Never underestimate a group of guys who want to hang out in the garage. After all, the Homebrew Computer Club began meeting In programmer Gordon French’s Menlo Park, California, garage in March 1975 — and while the neighbors might have rolled their eyes, the Homebrew guys certainly had the last laugh. At least 23 tech companies including Apple got their start at Homebrew.

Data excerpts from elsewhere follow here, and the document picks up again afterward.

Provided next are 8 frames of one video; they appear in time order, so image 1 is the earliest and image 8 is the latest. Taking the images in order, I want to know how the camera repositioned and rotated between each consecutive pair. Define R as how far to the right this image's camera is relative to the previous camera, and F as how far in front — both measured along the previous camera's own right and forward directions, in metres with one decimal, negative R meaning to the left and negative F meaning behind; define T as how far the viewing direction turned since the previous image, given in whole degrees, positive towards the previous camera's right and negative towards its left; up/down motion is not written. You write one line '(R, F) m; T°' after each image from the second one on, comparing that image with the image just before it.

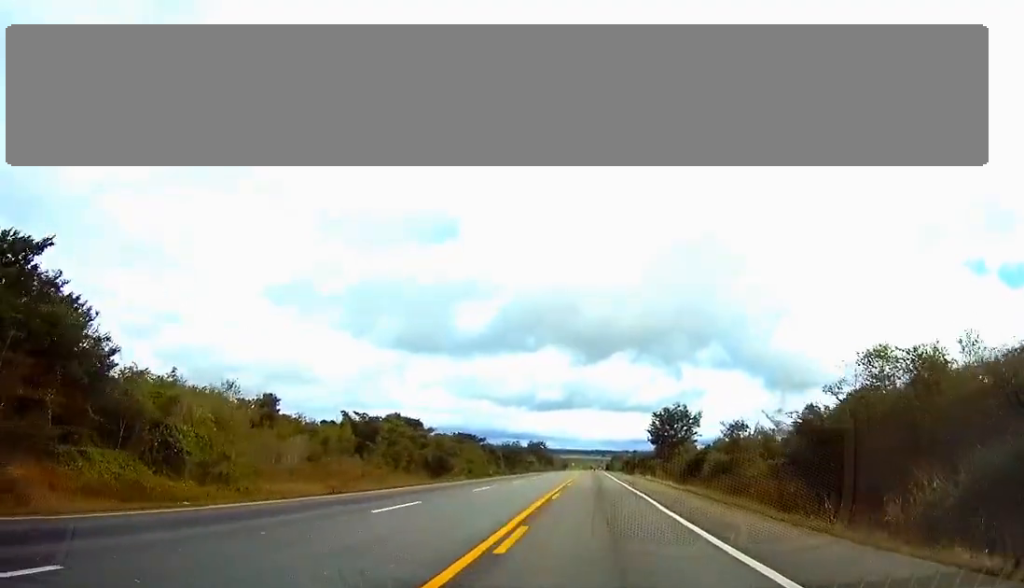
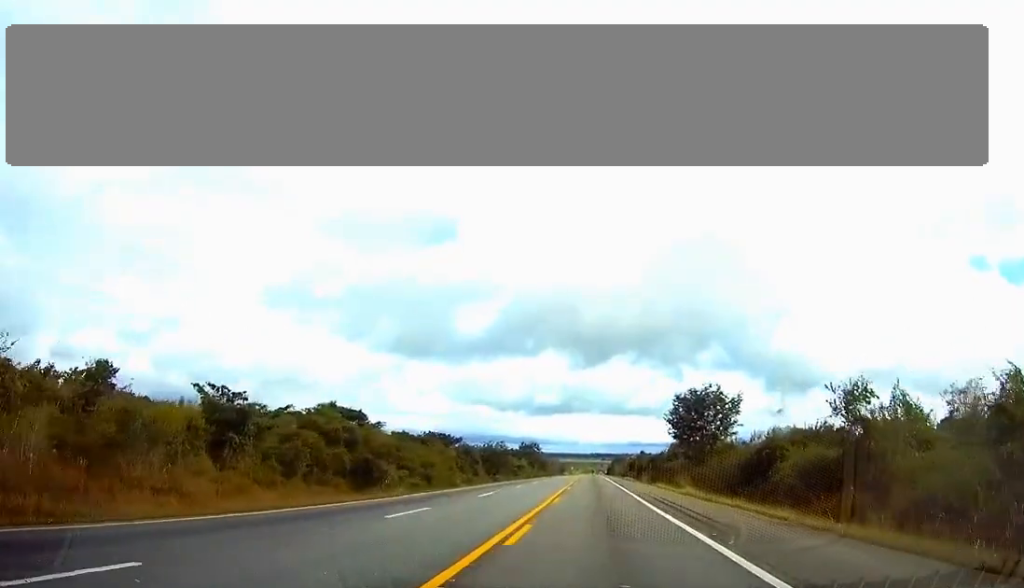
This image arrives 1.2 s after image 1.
(0.0, +31.2) m; 0°
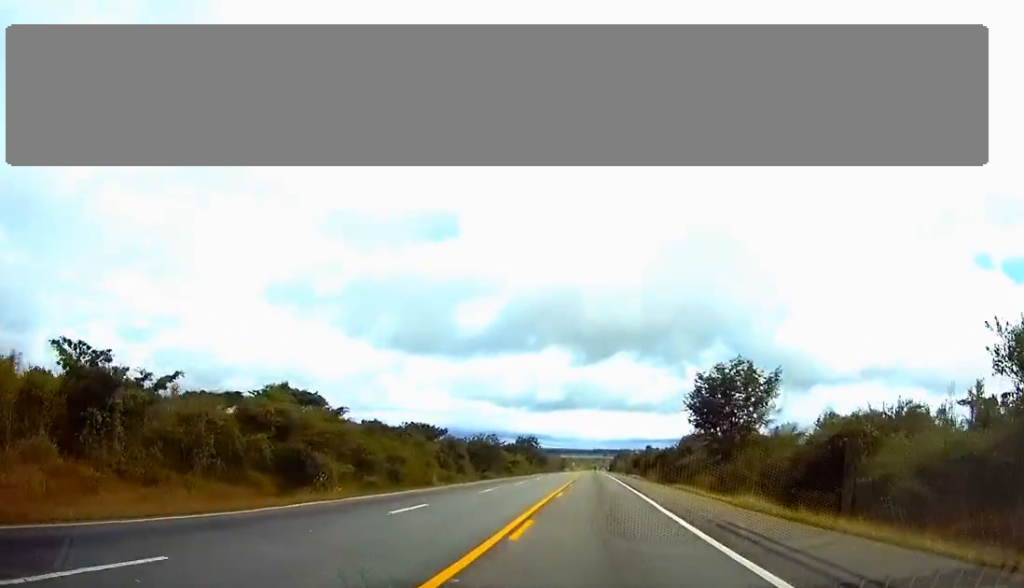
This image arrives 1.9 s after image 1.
(0.0, +15.9) m; 0°
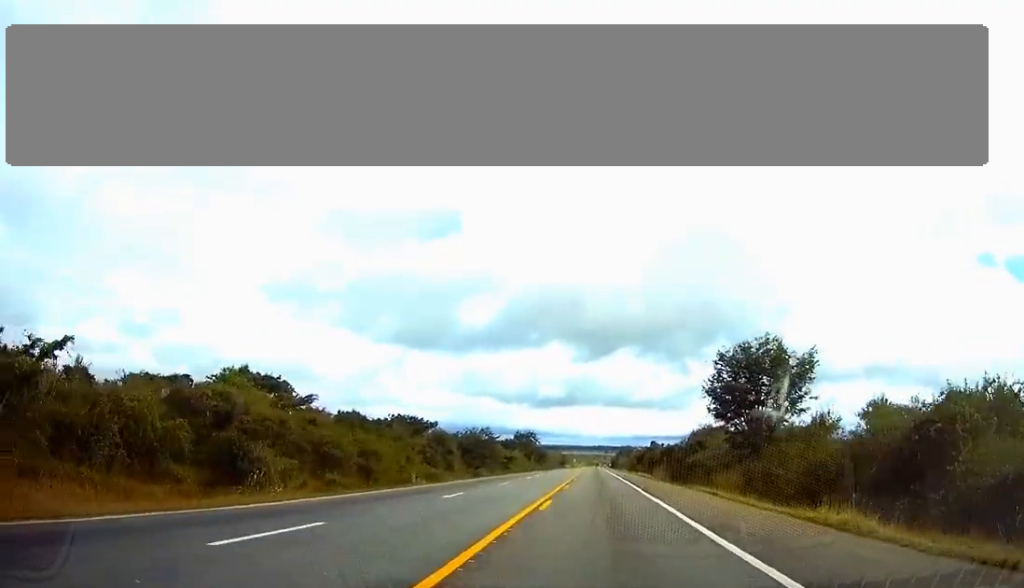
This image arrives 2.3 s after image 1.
(0.0, +10.0) m; 0°
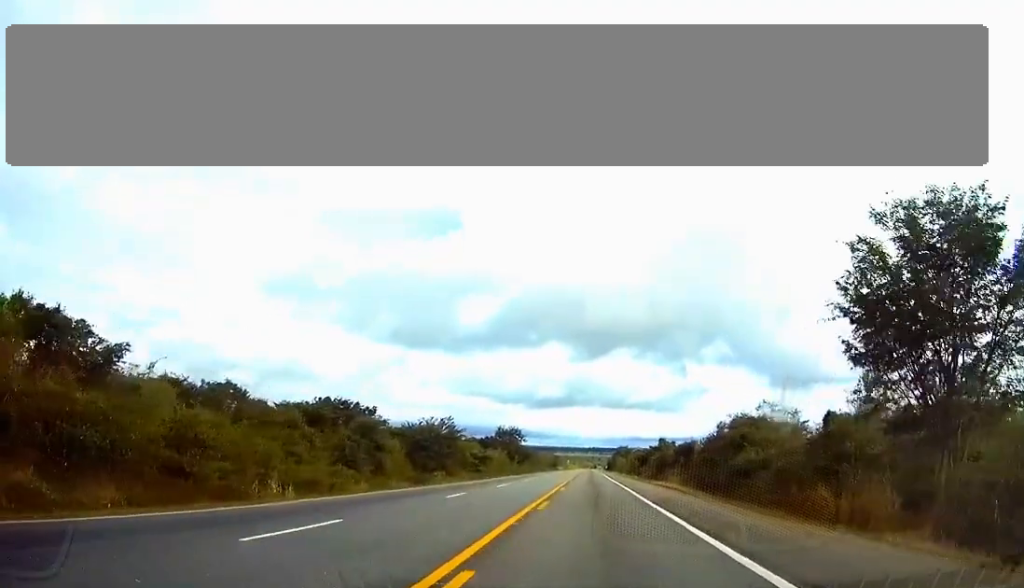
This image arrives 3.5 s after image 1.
(0.0, +31.5) m; 0°
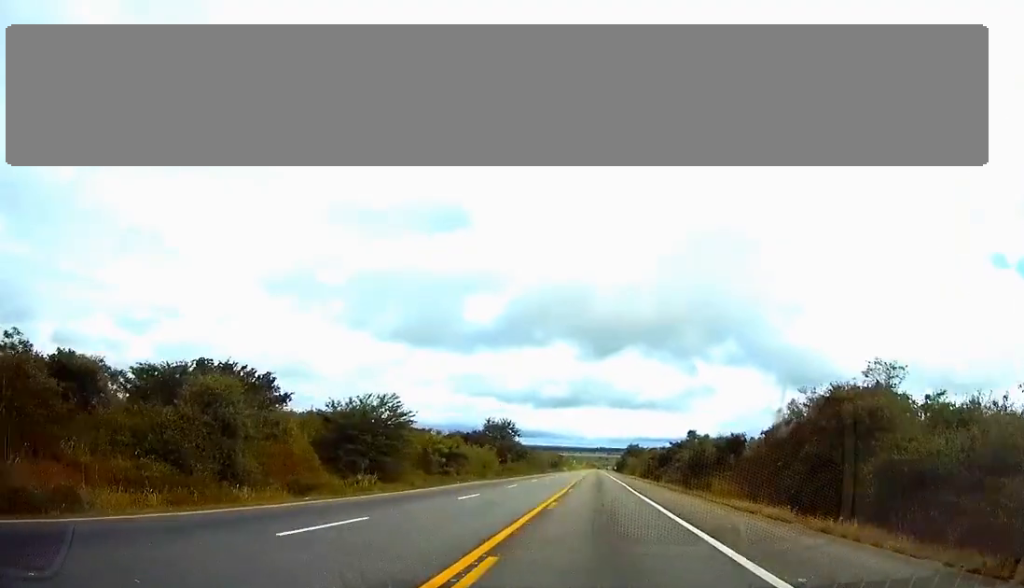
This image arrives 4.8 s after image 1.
(-0.1, +31.2) m; 0°
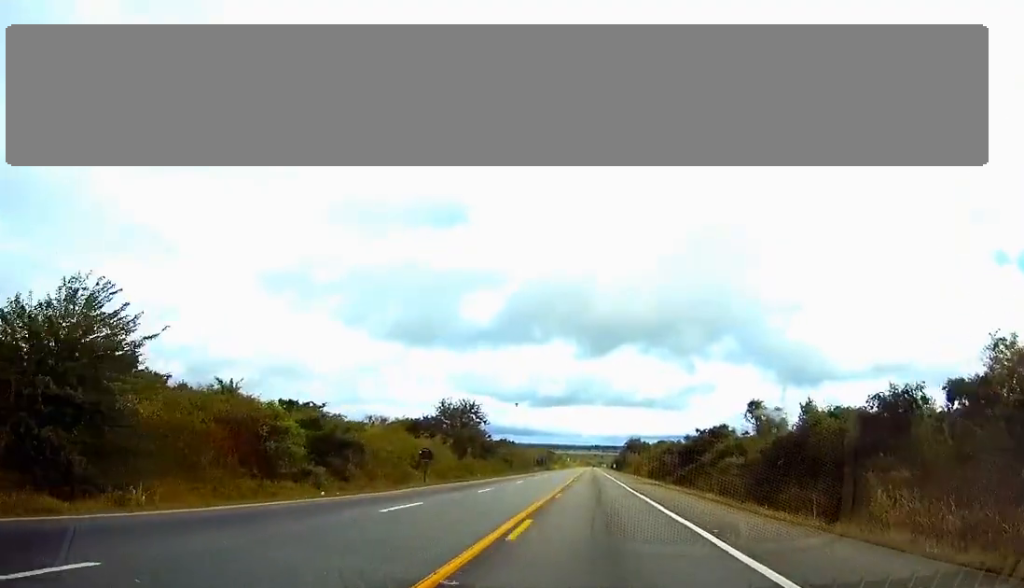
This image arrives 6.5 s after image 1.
(+0.3, +42.5) m; +3°
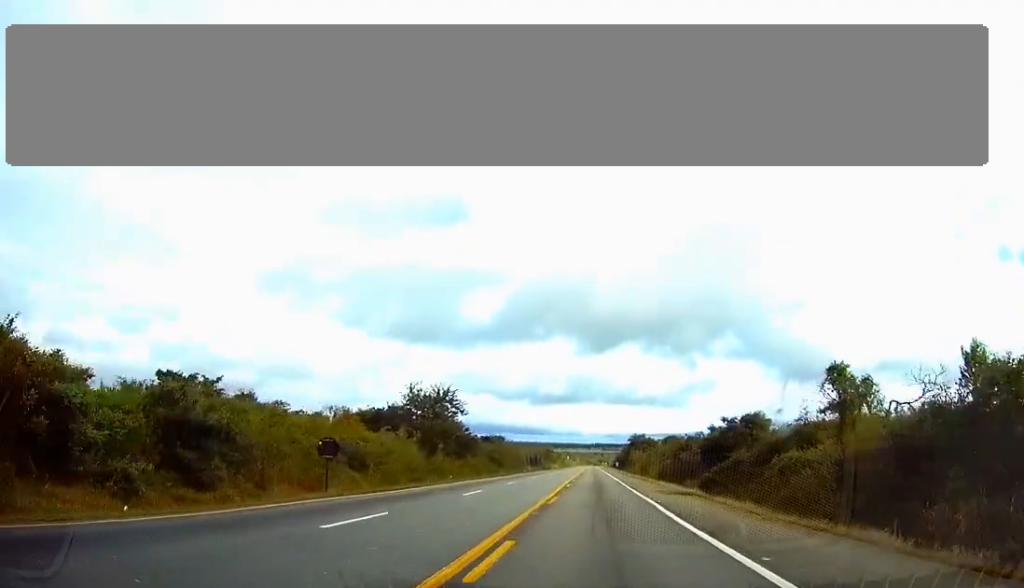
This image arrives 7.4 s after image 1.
(+0.8, +20.3) m; -2°

Among the first attendees on March 5, 1975, was none other than future Apple co-founder Steve Wozniak, and while Wozniak might be the most famous member of the Homebrew Computer Club, his fellow members all played significant roles in democratizing computing through microcomputers. Like Bill Gates and Paul Allen, the Homebrew members were fascinated by the Altair 8800, the microcomputer featured on the January 1975 cover of Popular Electronics. (For his part, Wozniak decided to build the Apple-I.)
The club quickly expands
The club quickly outgrew the garage and moved to the Stanford Linear Accelerator Center. Lee Felsenstein, creator of the Osborne-1, served as emcee. The meetings were divided into “mapping time,” when members shared information about their current projects, and a “random access period,” when members swapped information, hardware and software. (Eventually any commercial transactions moved to a nearby parking lot.) Post-meeting, Homebrew members enjoyed actual brew at the Oasis Beer Garden in Menlo Park.
The club is famous for its newsletters, initially published by founding member Fred Moore, who wrote with prescience in the first issue: “I expect home computers will be used in unconventional ways — most of which no one has thought of yet.” Famously, Gates and Allen took out a one-page ad in the Homebrew newsletter to publish an open letter to discourage piracy of their version of BASIC written for the Altair.
The Homebrew lore lives on in popular culture, with the club featured in Pirates of Silicon Valley and Jobs. In 2013, members convened at a one-night Kickstarter-backed reunion at the Computer History Museum in San Jose.